ずぶ濡れのザッカリーを見ながら、俺は念を押した。
「自分の立場を思い出したか」
 ザッカリーが頷いた。
「分かった。
売り先なら俺よりも詳しい奴がいる」それでも足掻く。
「サンチョとクラークか・・・」
 俺の言葉に詰まるザッカリー。
そこで鎌をかける事にした。
「夕べ、この先の倉庫で騒ぎがあったのは知ってるだろう。
奉行所の連中が駆け付けて来た騒ぎだ」
「・・・、知ってる。

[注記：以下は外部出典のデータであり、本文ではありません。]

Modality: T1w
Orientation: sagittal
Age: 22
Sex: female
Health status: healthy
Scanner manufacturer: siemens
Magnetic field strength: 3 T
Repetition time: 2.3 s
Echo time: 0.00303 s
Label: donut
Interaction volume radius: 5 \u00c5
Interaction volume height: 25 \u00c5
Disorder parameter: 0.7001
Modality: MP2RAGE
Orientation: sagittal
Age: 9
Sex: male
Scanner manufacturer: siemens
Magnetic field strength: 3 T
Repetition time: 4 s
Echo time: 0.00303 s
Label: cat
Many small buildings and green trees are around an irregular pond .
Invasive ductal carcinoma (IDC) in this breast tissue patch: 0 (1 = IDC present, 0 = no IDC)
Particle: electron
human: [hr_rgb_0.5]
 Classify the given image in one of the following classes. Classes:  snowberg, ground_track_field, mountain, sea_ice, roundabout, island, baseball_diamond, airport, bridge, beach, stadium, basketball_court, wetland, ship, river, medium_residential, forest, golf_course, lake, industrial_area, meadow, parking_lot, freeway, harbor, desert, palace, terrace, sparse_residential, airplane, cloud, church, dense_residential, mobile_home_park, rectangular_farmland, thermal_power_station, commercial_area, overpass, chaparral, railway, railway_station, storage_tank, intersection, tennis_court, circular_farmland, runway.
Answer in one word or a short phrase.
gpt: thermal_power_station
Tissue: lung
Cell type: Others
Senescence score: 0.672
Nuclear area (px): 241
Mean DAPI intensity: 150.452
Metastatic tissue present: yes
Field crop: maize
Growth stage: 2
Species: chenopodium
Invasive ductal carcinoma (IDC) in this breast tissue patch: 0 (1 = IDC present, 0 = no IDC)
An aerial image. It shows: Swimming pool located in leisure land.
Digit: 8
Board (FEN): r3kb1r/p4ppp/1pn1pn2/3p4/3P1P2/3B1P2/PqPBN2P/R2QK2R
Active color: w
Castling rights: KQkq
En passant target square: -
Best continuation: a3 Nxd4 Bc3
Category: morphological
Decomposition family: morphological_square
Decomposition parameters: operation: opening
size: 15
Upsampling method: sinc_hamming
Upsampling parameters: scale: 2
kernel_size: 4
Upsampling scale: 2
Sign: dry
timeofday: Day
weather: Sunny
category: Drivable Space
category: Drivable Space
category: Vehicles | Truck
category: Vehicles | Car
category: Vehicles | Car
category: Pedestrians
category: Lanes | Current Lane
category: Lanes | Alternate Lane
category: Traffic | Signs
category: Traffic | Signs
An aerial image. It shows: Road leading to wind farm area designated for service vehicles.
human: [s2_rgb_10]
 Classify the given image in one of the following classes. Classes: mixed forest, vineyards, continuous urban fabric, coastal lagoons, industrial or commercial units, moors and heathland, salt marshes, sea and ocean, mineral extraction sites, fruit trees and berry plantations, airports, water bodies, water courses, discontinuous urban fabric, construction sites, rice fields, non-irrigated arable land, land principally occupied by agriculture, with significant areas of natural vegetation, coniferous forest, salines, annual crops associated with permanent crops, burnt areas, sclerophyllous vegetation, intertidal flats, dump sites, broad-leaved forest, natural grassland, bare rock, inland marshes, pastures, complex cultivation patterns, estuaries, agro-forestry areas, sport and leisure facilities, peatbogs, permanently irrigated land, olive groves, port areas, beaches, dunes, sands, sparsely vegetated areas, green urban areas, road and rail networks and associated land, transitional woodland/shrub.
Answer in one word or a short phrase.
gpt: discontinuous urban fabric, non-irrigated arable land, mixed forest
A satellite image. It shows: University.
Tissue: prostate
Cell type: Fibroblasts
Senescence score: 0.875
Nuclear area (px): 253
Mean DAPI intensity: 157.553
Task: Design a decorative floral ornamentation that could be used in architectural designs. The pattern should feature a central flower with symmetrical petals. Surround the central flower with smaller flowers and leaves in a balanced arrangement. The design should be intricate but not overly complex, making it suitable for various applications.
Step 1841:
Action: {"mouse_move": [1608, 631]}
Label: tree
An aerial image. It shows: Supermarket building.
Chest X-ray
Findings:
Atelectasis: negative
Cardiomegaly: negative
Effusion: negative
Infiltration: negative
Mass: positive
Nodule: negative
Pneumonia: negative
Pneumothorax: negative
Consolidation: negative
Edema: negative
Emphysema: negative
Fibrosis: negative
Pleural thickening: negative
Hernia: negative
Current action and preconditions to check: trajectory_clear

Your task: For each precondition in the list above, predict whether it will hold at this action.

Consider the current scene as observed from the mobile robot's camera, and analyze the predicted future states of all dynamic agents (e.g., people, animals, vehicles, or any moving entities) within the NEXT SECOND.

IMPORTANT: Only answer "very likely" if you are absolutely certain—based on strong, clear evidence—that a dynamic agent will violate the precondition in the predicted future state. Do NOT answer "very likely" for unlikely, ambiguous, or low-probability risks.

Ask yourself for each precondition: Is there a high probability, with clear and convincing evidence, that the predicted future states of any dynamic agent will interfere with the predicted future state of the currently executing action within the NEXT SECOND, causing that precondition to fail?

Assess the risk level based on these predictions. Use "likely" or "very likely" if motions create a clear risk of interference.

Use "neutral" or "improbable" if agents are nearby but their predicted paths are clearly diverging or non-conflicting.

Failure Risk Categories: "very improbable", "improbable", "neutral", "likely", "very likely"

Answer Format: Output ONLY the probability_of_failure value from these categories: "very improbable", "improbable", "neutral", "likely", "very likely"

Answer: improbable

それが」
「俺達は倉庫にサンチョとクラークを誘い込み、痛めつけて尋問した。
当然、話しは妖精の売り先だ。
魔法を使い過ぎて騒ぎになってしまったが、口は割らせた。
で、確認の為にここに来た。
二人の答えとお前の答えが一致すれば問題はない」
 ザッカリーの目が泳ぐ。
「二人は無事なのか」
「自分より二人の心配か、余裕だな。
無事かどうかは捕まえた奉行所の手当て次第だな。
それより問題はお前が無事にここを切り抜けられるかどうかだ。
さあ、どうする。
お前が協力を拒否するのなら、ここに居る連中、
一人一人を締め上げて吐かせるだけだ」
 ザッカリーの全身から力が抜けた。
完落ちか、半落ちか、どっちだろう。
「分かった」

 ザッカリーに売り先の地図を書かせた。
子爵家一枚。
伯爵家一枚。
 出来上がりが気に食わないのか、
アリスが怒ってザッカリーの頭を引っぱたいた。
「痛ってって、なに済んだよ」
 俺はザッカリーに注意した。
「俺達は他所もんだ。
迷わずに済むように描き直してくれるか。
近所の目立つ建物を入れてくれると助かる」
 アリスを警戒しながら、文句も言わず描き直してくれた。
二件がザッカリーが関わった分だそうだ。
「これで良いか」
「クラークはファミリーの一員じゃないんだろう。
内緒で売っているような事はないのか」
「・・・無いと思う」
「妖精を買っている、と言う噂を聞いた事はないか」
「妖精とか精霊の売買は昔は禁止されていた。
今はそうでもないが、それでも神社や教会にばれると厄介なんだよな。
だから噂は流れてこない。
けどな・・・」
 言いながらザッカリーが急いで一枚書き上げた。
「五年前に亡くなった先代にそんな噂があった」
 侯爵家一枚。
ザッカリーが他人事のように言う。
「馬鹿貴族三家。
当人は馬鹿でも屋敷の警戒は厳しいぞ。
それに屋敷で妖精を飼っているとは限らない。
何れも領地持ちだからな。
それでも取り返すのか」

 俺は鍛冶スキルでザッカリーの首輪と、
亀の甲羅形状の鎧を魔素に変換して、アジトから撤退した。
当然、人目を憚って屋根からだ。
屋根から屋根へ移動している最中、アリスに尋ねられた。
『殺さなくて良かったの』
『俺達は殺し屋じゃないだろう』
『そうだけど・・・。
仲間を直ぐに助けに向かう』
『その前にすることがある。
助けた妖精を匿う場所を見つけてからだ。